Work to be completed
Search the material for lines containing the word "mundo", and copy each one.

Records
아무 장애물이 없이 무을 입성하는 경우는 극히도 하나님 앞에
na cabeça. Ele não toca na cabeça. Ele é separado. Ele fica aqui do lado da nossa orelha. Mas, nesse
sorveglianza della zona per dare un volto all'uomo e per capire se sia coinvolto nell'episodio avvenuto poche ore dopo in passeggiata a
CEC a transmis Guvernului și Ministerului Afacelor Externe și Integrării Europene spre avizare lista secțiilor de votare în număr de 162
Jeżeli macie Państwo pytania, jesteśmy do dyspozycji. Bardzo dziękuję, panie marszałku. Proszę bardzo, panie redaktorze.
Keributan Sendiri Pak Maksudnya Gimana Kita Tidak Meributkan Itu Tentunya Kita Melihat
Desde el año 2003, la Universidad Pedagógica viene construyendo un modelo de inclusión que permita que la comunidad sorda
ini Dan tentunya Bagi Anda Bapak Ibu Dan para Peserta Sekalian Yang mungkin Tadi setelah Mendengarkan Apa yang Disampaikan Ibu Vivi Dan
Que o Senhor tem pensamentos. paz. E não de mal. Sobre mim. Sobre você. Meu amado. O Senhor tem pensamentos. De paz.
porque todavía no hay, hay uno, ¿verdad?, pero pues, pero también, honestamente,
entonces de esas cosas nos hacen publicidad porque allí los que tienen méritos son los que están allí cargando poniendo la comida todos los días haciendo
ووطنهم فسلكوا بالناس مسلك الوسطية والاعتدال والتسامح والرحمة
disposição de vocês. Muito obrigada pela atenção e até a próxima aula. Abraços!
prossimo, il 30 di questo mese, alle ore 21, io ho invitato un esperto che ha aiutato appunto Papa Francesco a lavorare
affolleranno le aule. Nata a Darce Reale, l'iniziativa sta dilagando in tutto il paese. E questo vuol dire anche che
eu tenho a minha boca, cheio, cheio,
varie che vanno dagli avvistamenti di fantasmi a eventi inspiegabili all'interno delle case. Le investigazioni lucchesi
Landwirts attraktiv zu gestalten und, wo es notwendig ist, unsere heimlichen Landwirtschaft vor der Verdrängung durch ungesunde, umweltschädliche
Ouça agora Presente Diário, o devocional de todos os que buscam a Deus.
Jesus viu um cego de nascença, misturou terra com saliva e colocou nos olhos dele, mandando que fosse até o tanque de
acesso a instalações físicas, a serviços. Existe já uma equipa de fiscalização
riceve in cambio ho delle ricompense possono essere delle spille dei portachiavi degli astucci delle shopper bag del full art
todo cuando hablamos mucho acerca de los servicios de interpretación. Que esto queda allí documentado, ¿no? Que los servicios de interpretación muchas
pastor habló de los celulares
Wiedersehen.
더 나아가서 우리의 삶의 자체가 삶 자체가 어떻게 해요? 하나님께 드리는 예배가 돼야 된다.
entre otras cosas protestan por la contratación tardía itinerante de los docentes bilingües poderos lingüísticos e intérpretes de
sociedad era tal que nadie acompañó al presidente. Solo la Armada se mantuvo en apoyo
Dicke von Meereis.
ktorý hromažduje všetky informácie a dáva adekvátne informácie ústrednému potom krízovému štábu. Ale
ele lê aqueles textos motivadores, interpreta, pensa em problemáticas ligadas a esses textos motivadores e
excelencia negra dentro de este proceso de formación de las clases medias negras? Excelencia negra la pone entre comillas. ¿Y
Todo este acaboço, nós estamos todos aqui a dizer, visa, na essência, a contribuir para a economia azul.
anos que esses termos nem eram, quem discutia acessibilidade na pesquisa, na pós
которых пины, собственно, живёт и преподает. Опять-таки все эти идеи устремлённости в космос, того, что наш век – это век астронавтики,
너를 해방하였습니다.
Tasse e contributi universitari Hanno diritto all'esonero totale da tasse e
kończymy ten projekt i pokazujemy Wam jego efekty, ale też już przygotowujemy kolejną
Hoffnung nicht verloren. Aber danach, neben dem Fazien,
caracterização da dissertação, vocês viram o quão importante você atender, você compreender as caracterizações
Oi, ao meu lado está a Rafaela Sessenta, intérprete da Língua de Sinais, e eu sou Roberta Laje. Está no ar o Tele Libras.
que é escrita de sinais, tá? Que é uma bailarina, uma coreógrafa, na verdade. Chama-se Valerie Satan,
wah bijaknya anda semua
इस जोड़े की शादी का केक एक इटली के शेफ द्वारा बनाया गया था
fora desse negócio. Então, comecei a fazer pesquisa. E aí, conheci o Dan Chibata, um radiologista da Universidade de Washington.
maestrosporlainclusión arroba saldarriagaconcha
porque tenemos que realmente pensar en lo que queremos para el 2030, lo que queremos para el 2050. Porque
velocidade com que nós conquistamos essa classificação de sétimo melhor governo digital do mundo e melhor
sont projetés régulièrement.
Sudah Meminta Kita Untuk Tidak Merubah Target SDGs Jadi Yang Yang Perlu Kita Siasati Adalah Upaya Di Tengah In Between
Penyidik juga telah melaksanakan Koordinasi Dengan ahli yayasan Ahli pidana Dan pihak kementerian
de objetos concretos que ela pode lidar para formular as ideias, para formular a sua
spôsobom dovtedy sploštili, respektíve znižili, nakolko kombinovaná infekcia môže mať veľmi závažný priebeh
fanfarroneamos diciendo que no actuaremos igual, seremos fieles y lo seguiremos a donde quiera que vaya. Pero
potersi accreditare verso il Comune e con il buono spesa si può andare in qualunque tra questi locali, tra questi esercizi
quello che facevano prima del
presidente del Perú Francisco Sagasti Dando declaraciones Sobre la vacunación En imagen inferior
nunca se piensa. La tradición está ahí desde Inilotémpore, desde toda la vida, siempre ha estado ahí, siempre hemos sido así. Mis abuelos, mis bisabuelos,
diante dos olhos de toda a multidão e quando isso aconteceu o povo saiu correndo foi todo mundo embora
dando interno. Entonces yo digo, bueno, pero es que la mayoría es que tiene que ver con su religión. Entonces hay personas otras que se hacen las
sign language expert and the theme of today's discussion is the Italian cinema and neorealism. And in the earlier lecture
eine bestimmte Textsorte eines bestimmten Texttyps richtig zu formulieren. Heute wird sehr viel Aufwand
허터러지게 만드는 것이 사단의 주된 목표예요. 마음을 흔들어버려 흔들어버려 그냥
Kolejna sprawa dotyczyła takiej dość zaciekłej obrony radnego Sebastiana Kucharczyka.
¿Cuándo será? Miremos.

Solution to the problem
velocidade com que nós conquistamos essa classificação de sétimo melhor governo digital do mundo e melhor
diante dos olhos de toda a multidão e quando isso aconteceu o povo saiu correndo foi todo mundo embora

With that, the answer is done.